EXERCISE DESCRIPTION
Exactly as they appear below, repeat the lines from the one with "Language: Java" through the one with "လမ်းမတွေနဲ့ မြက်ခင်းအစပ်နားနေရာတွေမှာ ပိုက်စိပ်တိုက်". Drop every picture.

Start of MATERIAL FOR THIS TASK

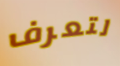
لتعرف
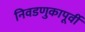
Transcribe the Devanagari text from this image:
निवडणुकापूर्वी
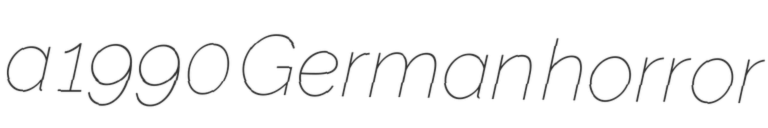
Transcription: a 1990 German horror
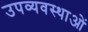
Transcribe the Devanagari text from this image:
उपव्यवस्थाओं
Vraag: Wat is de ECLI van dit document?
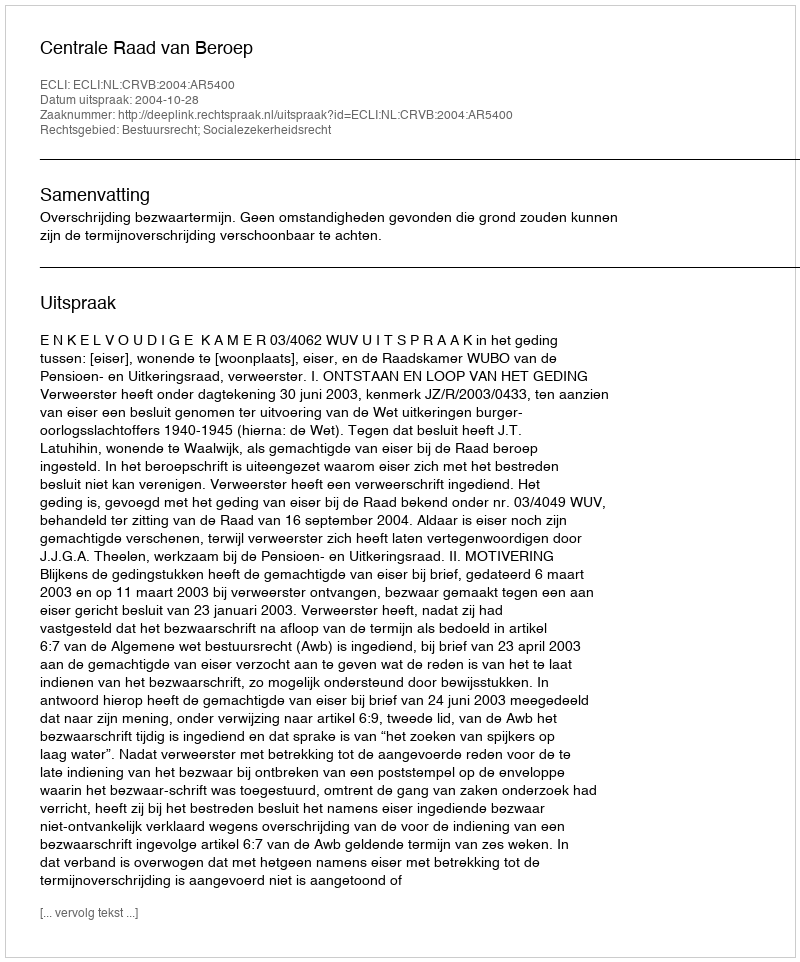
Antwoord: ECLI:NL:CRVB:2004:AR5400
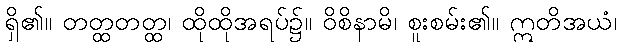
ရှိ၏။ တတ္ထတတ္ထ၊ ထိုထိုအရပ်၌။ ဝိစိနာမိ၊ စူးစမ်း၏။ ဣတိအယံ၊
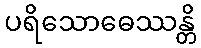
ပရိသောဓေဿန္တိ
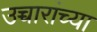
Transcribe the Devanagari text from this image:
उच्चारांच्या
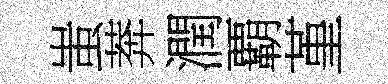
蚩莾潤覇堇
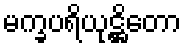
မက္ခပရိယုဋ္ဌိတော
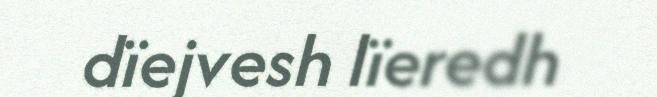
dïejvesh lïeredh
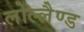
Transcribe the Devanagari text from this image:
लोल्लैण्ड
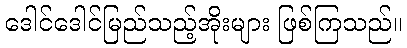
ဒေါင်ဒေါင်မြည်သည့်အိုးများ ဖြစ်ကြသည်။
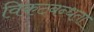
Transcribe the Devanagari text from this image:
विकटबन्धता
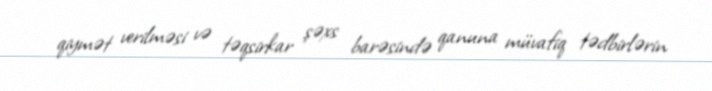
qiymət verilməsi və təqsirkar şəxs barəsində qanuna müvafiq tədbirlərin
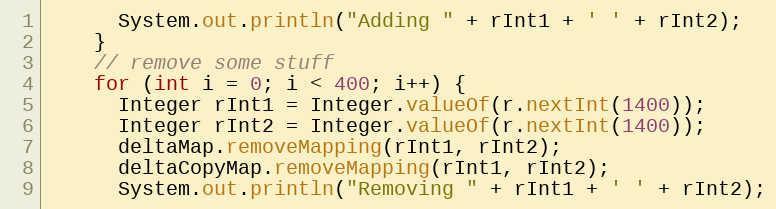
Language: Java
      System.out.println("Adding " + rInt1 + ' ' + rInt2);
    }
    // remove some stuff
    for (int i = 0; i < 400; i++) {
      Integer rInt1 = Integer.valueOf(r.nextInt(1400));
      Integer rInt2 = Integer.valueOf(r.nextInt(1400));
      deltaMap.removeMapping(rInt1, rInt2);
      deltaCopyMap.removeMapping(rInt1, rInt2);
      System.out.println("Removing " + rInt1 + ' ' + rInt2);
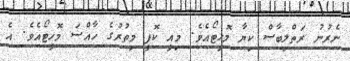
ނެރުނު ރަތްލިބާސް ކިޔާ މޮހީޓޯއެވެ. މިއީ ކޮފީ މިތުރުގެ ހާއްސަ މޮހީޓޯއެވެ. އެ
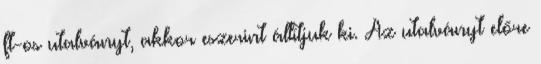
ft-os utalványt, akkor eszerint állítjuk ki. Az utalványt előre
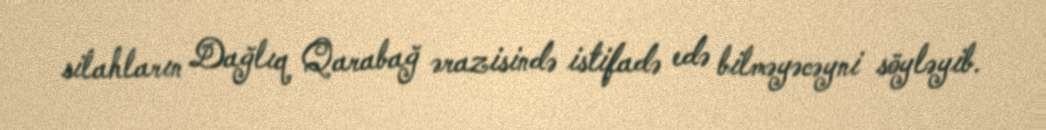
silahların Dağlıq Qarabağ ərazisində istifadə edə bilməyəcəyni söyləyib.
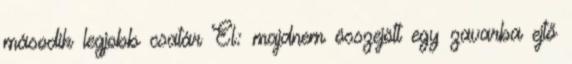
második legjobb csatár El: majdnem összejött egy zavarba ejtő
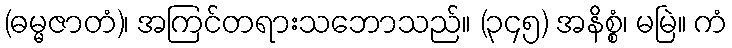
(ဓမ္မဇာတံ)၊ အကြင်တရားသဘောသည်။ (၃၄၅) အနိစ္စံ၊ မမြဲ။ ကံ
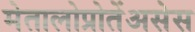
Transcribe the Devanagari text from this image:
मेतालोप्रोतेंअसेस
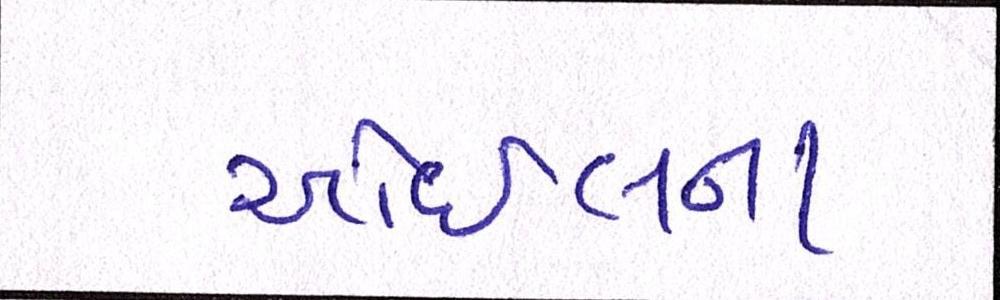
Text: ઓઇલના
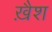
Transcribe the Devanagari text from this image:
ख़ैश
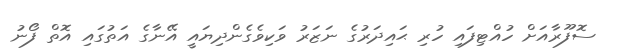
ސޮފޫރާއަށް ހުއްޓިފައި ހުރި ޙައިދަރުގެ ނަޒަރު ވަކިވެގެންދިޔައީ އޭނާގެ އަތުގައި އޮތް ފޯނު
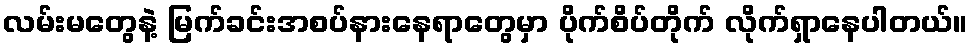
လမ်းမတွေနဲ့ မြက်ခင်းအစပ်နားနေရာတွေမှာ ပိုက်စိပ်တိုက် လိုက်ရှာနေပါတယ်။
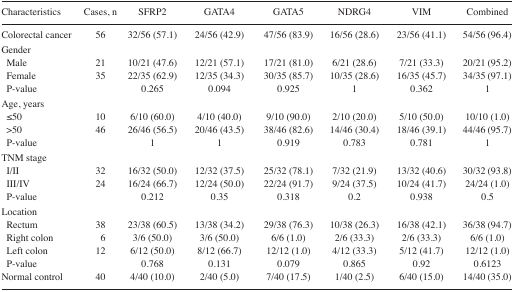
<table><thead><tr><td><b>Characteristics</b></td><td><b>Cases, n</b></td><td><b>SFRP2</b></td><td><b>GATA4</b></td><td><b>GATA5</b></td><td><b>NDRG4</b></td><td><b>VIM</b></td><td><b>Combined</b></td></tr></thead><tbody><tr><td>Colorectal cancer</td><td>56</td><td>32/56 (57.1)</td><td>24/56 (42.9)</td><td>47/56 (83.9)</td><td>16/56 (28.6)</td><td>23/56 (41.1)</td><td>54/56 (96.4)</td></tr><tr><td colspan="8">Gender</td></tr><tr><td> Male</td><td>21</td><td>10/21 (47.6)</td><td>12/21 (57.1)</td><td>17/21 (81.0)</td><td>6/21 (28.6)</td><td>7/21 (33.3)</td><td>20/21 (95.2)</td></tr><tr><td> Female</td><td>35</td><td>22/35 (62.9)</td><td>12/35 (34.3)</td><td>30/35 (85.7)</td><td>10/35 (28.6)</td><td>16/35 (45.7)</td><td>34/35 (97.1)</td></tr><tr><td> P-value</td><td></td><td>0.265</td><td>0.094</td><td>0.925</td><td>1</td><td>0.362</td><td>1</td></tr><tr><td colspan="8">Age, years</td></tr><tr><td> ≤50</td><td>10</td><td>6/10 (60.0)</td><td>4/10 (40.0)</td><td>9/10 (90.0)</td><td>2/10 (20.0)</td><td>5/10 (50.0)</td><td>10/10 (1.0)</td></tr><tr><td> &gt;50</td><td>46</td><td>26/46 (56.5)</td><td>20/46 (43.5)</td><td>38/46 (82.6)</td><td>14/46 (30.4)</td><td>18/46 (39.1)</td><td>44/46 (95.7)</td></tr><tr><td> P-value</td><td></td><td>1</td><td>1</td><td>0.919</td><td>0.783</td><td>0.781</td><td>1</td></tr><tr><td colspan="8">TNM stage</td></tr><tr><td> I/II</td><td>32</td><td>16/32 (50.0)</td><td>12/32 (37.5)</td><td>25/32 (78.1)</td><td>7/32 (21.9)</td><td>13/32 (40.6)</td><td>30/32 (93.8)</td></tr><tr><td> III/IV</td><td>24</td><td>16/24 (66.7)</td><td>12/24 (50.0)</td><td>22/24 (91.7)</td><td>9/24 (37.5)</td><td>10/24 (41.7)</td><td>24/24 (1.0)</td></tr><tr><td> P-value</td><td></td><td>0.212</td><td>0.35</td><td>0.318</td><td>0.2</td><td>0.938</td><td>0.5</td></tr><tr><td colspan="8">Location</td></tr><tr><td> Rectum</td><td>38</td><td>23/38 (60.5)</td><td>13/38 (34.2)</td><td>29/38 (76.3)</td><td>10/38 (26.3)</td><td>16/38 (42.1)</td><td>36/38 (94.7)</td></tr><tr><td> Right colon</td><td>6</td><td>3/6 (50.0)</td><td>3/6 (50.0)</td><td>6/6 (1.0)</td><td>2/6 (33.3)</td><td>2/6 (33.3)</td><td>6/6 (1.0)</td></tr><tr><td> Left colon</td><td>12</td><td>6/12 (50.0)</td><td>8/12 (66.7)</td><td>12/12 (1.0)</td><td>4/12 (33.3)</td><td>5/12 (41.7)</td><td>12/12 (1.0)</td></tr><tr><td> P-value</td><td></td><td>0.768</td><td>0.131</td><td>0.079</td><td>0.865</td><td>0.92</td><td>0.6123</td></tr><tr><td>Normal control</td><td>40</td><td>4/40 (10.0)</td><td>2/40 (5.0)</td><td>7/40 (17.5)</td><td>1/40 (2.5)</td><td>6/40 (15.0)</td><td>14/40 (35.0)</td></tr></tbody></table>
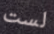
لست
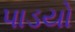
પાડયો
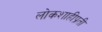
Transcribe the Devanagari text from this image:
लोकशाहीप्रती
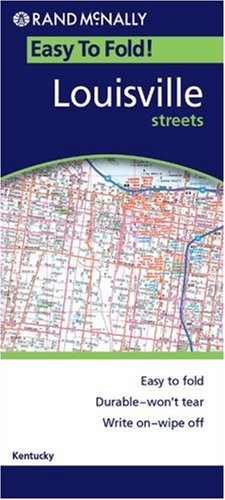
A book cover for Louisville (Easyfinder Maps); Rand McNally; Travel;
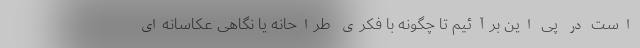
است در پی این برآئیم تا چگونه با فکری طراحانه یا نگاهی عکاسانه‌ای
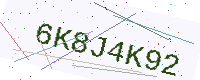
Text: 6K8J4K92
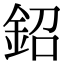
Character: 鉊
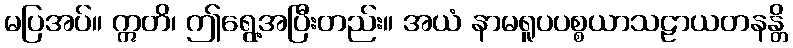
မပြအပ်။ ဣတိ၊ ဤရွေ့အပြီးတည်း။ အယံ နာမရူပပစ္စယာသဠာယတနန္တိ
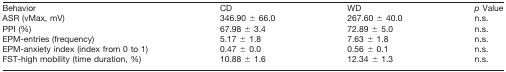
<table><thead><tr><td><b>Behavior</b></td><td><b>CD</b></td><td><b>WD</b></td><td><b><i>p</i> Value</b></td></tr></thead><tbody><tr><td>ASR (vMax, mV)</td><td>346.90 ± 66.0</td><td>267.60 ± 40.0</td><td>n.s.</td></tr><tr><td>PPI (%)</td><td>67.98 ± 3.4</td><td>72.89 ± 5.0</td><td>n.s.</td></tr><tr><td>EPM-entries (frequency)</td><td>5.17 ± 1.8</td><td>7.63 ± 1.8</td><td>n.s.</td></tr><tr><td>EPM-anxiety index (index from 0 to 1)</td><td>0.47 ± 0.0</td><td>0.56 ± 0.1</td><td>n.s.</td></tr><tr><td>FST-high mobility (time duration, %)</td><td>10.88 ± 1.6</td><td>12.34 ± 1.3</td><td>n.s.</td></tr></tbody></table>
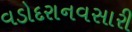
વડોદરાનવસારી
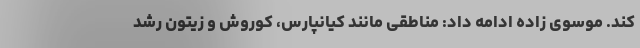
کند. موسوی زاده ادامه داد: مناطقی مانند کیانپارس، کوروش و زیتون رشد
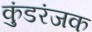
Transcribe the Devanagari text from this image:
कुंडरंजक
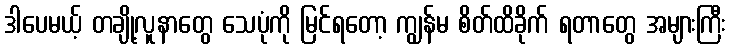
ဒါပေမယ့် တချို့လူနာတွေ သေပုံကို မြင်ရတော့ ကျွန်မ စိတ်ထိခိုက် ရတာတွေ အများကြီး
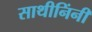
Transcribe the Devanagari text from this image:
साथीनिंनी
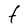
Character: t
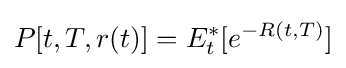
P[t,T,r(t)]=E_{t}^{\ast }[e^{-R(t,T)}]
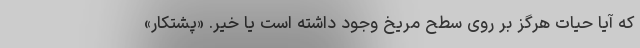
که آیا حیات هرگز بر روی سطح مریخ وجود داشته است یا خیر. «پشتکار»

End of MATERIAL FOR THIS TASK

ANSWER SECTION
Language: Java
      System.out.println("Adding " + rInt1 + ' ' + rInt2);
    }
    // remove some stuff
    for (int i = 0; i < 400; i++) {
      Integer rInt1 = Integer.valueOf(r.nextInt(1400));
      Integer rInt2 = Integer.valueOf(r.nextInt(1400));
      deltaMap.removeMapping(rInt1, rInt2);
      deltaCopyMap.removeMapping(rInt1, rInt2);
      System.out.println("Removing " + rInt1 + ' ' + rInt2);
ނެރުނު ރަތްލިބާސް ކިޔާ މޮހީޓޯއެވެ. މިއީ ކޮފީ މިތުރުގެ ހާއްސަ މޮހީޓޯއެވެ. އެ
ft-os utalványt, akkor eszerint állítjuk ki. Az utalványt előre
silahların Dağlıq Qarabağ ərazisində istifadə edə bilməyəcəyni söyləyib.
második legjobb csatár El: majdnem összejött egy zavarba ejtő
(ဓမ္မဇာတံ)၊ အကြင်တရားသဘောသည်။ (၃၄၅) အနိစ္စံ၊ မမြဲ။ ကံ
Transcribe the Devanagari text from this image:
मेतालोप्रोतेंअसेस
Text: ઓઇલના
Transcribe the Devanagari text from this image:
ख़ैश
ސޮފޫރާއަށް ހުއްޓިފައި ހުރި ޙައިދަރުގެ ނަޒަރު ވަކިވެގެންދިޔައީ އޭނާގެ އަތުގައި އޮތް ފޯނު
လမ်းမတွေနဲ့ မြက်ခင်းအစပ်နားနေရာတွေမှာ ပိုက်စိပ်တိုက် လိုက်ရှာနေပါတယ်။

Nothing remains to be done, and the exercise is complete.